The risk of identity theft – and related fraud – is a significant concern for consumers who have been embracing online services to overcome lockdown restrictions during 2020.

Even prior to this, there has been a reported 33% increase in identity fraud last year from 2018 figures.

While the pandemic has been a boon to adoption of biometrics – particularly face biometrics in this contactless era – for digital identification, authentication, and authorisation services this has also amplified the necessity of two-factor authentication (2FA) for users to better protect themselves.

Biometrics can either be biological measurements or physical characteristics that can be used to identify an individual. Some of the more popular modalities that are becoming mainstream today include fingerprint scans and facial recognition. The use cases for such solutions are vast, from identification and verification services to security and restricted access control – including at airports, stadiums, businesses, and various other settings.

Additionally, many of the latest smartphones even feature biometrics as security options, used to unlock the device, sign into mobile apps and in payment verification.

According to Vic Esterhuizen, executive: biometrics at Xpert Decision systems (XDS), biometrics can fulfil a critical fraud prevention function in the identification, authentication, and authorisation sequence of events including digital on-boarding services, and identification/account verification at the point of sale.

“Much about how we live, work and play changed due to the impacts of the Covid-19 pandemic, where lockdown restrictions coupled with social distancing protocols have pressed upon people to avoid use of shared surfaces and close, in-person interactions as much as possible. This is accelerating adoption trends in contactless identification including face biometrics systems – particularly as a complement to and in support of digital transactions,” says Esterhuizen.

Market research indicates that the global face biometrics market size was valued at $3,4-billion in 2019 and is projected to grow at a CAGR of 14,5% from 2020 to 2027.

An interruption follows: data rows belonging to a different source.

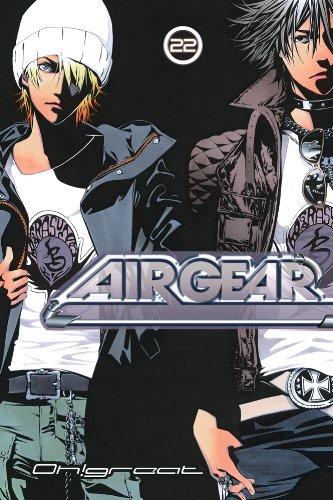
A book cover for Air Gear 22; Oh!Great; Comics & Graphic Novels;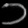
Digit: ၁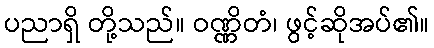
ပညာရှိ တို့သည်။ ဝဏ္ဏိတံ၊ ဖွင့်ဆိုအပ်၏။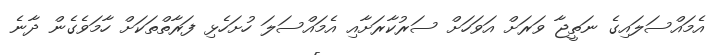
އެމައްސަލައިގެ ނަތީޖާ ވަރަށް އަވަހަށް ސަރުކާރަށާއި އެމައްސަލަ ހުށަހެޅި ފަރާތްތަކަށް ހާމަވެގެން ދާނެ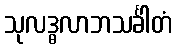
သုလဒ္ဓလာဘသင်္ခါတံ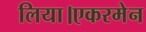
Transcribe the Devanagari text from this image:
लिया।एकरमेन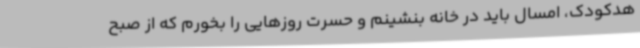
هدکودک، امسال باید در خانه بنشینم و حسرت روزهایی را بخورم که از صبح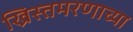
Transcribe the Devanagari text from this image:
ख्रिस्तमरणाच्या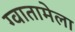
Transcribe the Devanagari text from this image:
ग्वातामेला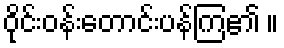
ဝိုင်းဝန်းတောင်းပန်ကြ၏ ။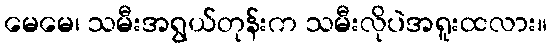
မေမေ၊ သမီးအရွယ်တုန်းက သမီးလိုပဲအရူးထလား။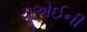
યૂએઈની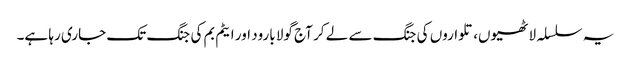
یہ سلسلہ لاٹھیوں، تلواروں کی جنگ سے لے کر آج گولا بارود اور ایٹم بم کی جنگ تک جاری رہا ہے۔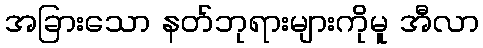
အခြားသော နတ်ဘုရားများကိုမူ အီလာ

Esterhuizen suggests that in a digitally driven world, the traditional username and password method can be enhanced with additional security factors.

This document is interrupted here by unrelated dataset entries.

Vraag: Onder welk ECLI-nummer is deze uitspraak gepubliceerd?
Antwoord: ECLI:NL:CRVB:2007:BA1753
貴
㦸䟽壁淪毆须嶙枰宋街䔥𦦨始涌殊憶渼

“Biometrics presents a massive opportunity to promote market inclusion through digital and remote access to products and services. And, by using something unique to an individual to confirm the person’s identity before any financial and other transactions can be done, this can support in significantly reducing the potential for identity theft and associated risks of third-party fraud.

“It should be noted, however, that not all technology is the same and products and service providers who are looking to capitalise on the digital and remote opportunities must undertake market research and consult with experts on solutions that offer built in risk mitigation and high anti-spoof rates in identity verification,” says Esterhuizen.

To realise the effectiveness of biometrics, Kaspersky believes that consumers first need to understand the difference between identification, authentication, and authorisation.

“While it might not seem important at first to understand the role biometrics can play in these processes, given how everything from shopping to banking to entertainment and more of our daily activities are increasingly connected to the Internet and performed online, consumers need to better understand that collectively these online accounts form an imprint of their digital lives – and that their biometrics can be used to unlock this imprint if not used appropriately and safely,” says Lehan van den Heever, enterprise cyber security advisor at Kaspersky in Africa.

For instance, a banking app will request the user’s login details before the user may perform any transactions. The username will be the identification step, i.e. confirming identity of the user. The password or PIN will then be used to authenticate the login. The final step is that of authorisation. Once the identification and authentication have been done and confirmed, the app will give the user the right, i.e. authorise the user, to view their account balances, pay beneficiaries, etc.

“There are current services and use cases where biometrics have been integrated into these processes, for example, a fingerprint or face scan may be used to supplement, or in addition to, any of these three steps. To do this, the provider is taking biometric data and storing it in the cloud, which is correlated with the user’s account and payment data – i.e. personal and potentially financial data. And while such data may well be encrypted, the potential risk is that should the data ever be stolen – and decrypted – from the cloud, the user’s identity could be spoofed, leading to financial loses and potential third-party fraud,” Van den Heever says.

This stresses the necessity of two-factor authentication (2FA). As is the case with the aforementioned example, many local banks continue to use two-factor authentication, which requires entering a password/PIN as well confirming a one-time password (OTP) at the point of transaction, which is sent to a secondary device, for example.

“With the pandemic expected to be a part of our lives for some time to come, biometrics has an important role to play in the new normal. And the key to integrating biometrics safely, particularly where a user’s financial data is concerned, lies in how the data is being encrypted and stored. For example, where biometrics is used to identify the user and a PIN is used to verify that identity, anyone stealing the biometric data wouldn’t have a complete set of information or enough to steal people’s money, or spoof their identity. It is much safer to keep the two things separate and integrate 2FA as a critical step to securing accounts and the data they hold,” concludes van den Heever.